В Красном Коне Половинкин впервые увидел, как живая природа пожирает цивилизацию.
Чтобы выйти к первым рядам домов, пришлось продираться через заросли крапивы. Крапива была выше его ростом и напоминала тропические деревья. Первый ожог пришелся одновременно на лицо и руки. Джон ринулся сквозь заросли, надеясь выбраться из них как можно скорее, но споткнулся обо что-то железное, с рваными острыми краями, распорол джинсы и почувствовал, как по ноге заструилась горячая кровь. Он выругался по-американски очень громко и дальнейший путь проделывал осторожнее. Препятствия были на каждом шагу: полуистлевшие скаты от машин, остатки грубой деревянной мебели, мотки стальной проволоки, словно специально подброшенной для того, чтобы случайный человек натыкался на ее острые и ржавые вздернутые концы.

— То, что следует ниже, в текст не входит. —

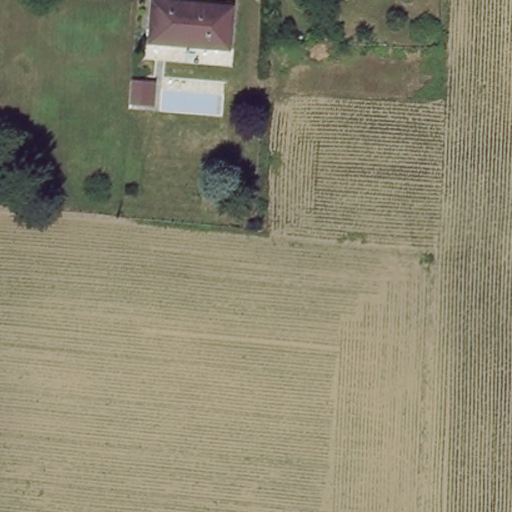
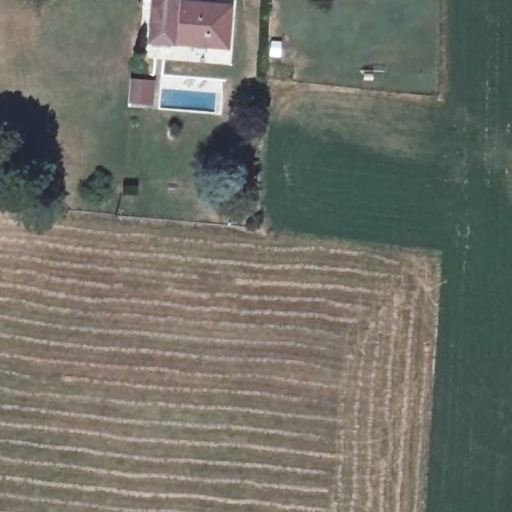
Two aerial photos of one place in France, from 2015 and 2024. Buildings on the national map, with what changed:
unchanged [(222,48),(152,47),(154,8),(223,12),(222,48)]

Наконец крапива закончилась. Джон освобожденно рванулся и ухнул по колено в придорожную канаву, как ртутью, наполненную жидкой грязью.
– Черт!
Выбравшись на дорогу, он оглядел себя. За несколько минут он превратился в жалкого оборванца. К тому же рана на ноге наверняка была заражена. Джон достал из спортивной сумки походную аптечку и фляжку с виски, которые вез из Америки для непредвиденных случаев, наскоро обработал рану и обмотал ее бинтом. Затем огляделся.
Пейзаж был самый омерзительный. За разбитой тракторами дорогой возвышались заросли крапивы и лопуха, в которых утопали скособоченные штакетники и полуразрушенные дома с выбитыми окнами и дырявыми кровлями. Вместо крыш чернели обглоданные ребра стропил. Ветер завывал в настежь раскрытых дверях. Впрочем, пройдя по улице, Джон обнаружил несколько неплохо сохранившихся домов с обкошенной вокруг них травой. Они жутковато блестели целыми стеклами в лучах заходящего солнца и совсем не располагали к тому, чтобы подойти и постучаться на ночлег. Почему-то было ясно, что ни одной живой души в этих домах нет. Они просто законсервированы, а крапива обкошена для того, чтобы нежданный гость не отважился бы попользоваться домом, решив, что он ничейный.
Деревня была мертва. Природа набросилась на нее с жадностью трупоеда. Сначала пожрала самые нежные и сладкие кусочки – тонкие жердины штакетников, источенные древесным жуком. Потом не побрезговала пищей погрубее – глиняной штукатуркой стен из красного кирпича, кривыми оконными рамами, продавленными дверными косяками. И наконец эта обжора приступила к самой невкусной трапезе – к кирпичным стенам.
«И это – Россия?!» – тоскливо думал Джон, бредя по центральной улице. Тот самый волшебный рай, о котором с ностальгией вспоминали русские эмигранты? Нет, эта страна не имеет права на жизнь!
– Что-то потерял, мало́й? – услышал он сиплый мужской голос.
Посреди дороги, в колее, раскорячив короткие ноги в кирзовых сапогах, стоял низкорослый мужичок в рваной телогрейке. На его землистом, сильно обветренном лице поразительно светились красивые голубые глаза.
– Фазенду подыскиваешь?
Джон промолчал.
– Правильно! – по-своему расценил его молчание незнакомец. – Без фазенды ныне не проживешь. Слыхал, что в Москве творится?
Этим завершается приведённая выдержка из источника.